* _Exercise aim_:
This exercise calls for every line of the listing below that contains the word "frequent".
# # # # #
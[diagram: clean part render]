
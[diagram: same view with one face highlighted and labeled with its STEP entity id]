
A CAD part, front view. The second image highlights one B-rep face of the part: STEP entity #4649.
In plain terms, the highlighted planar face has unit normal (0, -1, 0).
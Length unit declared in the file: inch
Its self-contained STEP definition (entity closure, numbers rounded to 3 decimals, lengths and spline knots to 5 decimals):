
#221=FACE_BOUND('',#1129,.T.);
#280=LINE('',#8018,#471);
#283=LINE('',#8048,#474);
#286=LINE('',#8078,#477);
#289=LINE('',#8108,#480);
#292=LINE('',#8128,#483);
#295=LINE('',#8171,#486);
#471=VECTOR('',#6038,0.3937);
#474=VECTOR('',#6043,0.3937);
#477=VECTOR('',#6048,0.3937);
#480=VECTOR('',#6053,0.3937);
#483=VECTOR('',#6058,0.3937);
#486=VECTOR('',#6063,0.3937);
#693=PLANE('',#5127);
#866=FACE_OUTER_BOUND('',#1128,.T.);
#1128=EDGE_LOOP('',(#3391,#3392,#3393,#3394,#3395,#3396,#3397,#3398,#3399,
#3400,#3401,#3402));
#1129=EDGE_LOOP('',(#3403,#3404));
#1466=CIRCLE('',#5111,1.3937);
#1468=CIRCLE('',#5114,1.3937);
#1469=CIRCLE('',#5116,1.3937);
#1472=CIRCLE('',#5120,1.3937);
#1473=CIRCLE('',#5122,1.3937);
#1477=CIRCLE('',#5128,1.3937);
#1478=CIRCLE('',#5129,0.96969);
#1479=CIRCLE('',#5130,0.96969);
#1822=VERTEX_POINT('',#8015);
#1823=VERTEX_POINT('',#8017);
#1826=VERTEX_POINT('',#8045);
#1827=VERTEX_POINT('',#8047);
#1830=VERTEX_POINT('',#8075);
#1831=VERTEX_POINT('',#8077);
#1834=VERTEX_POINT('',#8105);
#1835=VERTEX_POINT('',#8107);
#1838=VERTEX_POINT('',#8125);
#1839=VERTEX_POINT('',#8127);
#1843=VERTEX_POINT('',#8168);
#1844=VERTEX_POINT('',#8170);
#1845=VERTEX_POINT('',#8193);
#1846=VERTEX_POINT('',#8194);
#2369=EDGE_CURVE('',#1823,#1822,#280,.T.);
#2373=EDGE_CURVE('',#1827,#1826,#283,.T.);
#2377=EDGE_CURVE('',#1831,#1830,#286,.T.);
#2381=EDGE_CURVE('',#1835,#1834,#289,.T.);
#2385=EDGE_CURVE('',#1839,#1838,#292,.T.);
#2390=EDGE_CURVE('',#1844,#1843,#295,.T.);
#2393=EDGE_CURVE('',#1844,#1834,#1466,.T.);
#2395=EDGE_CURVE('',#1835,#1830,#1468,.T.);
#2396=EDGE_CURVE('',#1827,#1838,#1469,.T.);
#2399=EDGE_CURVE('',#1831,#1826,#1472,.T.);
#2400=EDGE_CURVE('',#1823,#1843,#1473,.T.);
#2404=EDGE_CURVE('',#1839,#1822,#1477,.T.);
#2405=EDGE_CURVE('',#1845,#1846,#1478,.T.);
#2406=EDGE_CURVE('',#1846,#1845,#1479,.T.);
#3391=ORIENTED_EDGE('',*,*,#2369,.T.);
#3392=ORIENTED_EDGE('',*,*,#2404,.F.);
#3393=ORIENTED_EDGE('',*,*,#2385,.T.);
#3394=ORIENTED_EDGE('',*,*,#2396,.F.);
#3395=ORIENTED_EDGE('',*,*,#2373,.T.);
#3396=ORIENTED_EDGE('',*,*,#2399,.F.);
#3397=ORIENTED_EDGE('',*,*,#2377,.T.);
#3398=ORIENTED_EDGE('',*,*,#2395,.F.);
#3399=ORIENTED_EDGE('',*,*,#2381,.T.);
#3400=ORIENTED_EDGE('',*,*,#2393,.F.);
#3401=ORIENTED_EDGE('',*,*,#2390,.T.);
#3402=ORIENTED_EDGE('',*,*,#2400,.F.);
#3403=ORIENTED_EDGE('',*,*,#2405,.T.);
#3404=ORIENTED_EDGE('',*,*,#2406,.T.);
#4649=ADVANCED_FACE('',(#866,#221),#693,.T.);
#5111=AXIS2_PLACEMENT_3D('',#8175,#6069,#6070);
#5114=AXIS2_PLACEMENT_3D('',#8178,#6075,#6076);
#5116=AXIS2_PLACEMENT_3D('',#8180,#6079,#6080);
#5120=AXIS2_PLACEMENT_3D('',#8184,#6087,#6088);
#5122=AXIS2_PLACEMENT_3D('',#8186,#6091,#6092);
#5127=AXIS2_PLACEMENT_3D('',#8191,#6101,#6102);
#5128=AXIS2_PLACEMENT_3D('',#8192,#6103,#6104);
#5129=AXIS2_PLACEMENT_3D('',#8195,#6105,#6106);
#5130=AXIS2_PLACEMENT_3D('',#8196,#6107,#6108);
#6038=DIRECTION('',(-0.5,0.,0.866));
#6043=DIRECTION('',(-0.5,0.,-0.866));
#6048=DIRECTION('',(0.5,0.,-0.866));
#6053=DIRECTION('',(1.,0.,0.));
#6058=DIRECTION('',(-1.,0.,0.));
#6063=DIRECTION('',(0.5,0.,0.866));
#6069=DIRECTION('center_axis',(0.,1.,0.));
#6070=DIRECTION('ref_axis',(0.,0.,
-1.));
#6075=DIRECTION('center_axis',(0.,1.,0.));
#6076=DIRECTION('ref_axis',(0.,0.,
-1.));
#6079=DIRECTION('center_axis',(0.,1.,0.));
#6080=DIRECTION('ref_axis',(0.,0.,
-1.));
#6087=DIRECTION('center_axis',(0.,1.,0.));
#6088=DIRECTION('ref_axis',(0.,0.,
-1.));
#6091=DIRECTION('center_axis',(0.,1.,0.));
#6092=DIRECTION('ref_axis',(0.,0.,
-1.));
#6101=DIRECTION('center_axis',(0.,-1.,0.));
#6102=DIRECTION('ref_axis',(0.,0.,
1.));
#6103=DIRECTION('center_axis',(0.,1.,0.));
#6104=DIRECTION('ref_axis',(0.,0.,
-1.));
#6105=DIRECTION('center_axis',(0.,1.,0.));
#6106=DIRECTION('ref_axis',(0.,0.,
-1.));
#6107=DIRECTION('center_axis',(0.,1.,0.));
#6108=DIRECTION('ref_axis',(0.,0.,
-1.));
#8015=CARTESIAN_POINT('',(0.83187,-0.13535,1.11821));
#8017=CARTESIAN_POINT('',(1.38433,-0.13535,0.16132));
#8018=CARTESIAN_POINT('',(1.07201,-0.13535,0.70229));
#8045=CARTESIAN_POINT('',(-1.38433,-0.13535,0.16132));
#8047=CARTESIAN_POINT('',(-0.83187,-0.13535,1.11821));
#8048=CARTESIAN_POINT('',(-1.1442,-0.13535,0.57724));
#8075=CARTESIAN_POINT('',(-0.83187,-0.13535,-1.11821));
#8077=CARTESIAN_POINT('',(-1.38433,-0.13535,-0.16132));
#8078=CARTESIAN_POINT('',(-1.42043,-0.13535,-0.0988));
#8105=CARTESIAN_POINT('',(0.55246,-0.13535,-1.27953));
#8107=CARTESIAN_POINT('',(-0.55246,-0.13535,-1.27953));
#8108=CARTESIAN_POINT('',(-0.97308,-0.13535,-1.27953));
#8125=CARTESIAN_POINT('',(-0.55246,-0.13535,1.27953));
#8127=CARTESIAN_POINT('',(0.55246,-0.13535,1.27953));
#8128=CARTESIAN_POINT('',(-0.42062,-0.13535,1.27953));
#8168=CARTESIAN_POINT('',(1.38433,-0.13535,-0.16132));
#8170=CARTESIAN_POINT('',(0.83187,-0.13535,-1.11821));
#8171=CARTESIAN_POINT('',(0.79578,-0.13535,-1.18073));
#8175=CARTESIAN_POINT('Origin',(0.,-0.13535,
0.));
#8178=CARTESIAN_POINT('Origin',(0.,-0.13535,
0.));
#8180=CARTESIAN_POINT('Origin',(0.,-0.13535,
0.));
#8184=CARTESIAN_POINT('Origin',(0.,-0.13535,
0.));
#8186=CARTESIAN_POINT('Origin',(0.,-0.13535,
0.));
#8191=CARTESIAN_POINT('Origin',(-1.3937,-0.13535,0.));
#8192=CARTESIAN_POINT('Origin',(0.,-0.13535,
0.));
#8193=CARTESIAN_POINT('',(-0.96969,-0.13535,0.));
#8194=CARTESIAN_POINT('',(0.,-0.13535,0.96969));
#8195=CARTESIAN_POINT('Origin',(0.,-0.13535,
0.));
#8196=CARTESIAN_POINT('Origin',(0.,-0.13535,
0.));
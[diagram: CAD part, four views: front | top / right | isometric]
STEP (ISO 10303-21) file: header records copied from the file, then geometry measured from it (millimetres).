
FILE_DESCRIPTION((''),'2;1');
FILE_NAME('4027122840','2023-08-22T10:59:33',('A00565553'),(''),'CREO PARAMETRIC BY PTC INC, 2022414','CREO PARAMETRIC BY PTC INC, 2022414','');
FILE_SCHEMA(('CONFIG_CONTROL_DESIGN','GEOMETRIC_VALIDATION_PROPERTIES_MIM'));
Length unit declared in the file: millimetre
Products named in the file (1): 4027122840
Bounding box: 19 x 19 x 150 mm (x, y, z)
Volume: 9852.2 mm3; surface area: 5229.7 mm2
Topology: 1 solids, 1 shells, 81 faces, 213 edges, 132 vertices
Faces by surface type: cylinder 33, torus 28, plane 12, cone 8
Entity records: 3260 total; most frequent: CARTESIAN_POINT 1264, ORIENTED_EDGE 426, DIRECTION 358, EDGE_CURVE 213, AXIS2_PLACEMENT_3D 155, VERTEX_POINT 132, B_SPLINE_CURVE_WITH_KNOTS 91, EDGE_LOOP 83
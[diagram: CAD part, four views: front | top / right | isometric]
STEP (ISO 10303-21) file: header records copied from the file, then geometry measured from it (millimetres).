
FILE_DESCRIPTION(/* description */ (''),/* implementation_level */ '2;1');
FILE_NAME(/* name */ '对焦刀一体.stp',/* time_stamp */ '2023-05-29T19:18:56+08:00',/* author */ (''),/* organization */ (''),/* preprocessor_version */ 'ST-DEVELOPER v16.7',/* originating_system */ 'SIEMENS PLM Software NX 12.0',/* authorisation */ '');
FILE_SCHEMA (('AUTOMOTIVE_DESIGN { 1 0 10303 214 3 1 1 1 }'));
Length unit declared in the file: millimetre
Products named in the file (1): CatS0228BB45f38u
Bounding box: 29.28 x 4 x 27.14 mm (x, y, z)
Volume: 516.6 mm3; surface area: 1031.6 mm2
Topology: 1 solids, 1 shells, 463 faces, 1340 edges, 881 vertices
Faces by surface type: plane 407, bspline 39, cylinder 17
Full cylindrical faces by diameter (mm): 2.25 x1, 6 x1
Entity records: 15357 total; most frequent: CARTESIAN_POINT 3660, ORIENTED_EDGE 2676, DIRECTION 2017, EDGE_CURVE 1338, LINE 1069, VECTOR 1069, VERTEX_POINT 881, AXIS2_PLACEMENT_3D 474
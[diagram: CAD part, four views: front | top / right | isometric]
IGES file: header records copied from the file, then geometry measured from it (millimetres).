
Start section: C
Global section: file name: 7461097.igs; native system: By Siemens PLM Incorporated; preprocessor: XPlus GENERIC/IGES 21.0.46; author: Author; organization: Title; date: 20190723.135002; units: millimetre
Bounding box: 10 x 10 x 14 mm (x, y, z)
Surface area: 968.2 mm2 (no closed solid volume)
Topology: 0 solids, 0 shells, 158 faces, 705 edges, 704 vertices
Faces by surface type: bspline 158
# # # # #
* _Answer section_:
Entity records: 3260 total; most frequent: CARTESIAN_POINT 1264, ORIENTED_EDGE 426, DIRECTION 358, EDGE_CURVE 213, AXIS2_PLACEMENT_3D 155, VERTEX_POINT 132, B_SPLINE_CURVE_WITH_KNOTS 91, EDGE_LOOP 83
Entity records: 15357 total; most frequent: CARTESIAN_POINT 3660, ORIENTED_EDGE 2676, DIRECTION 2017, EDGE_CURVE 1338, LINE 1069, VECTOR 1069, VERTEX_POINT 881, AXIS2_PLACEMENT_3D 474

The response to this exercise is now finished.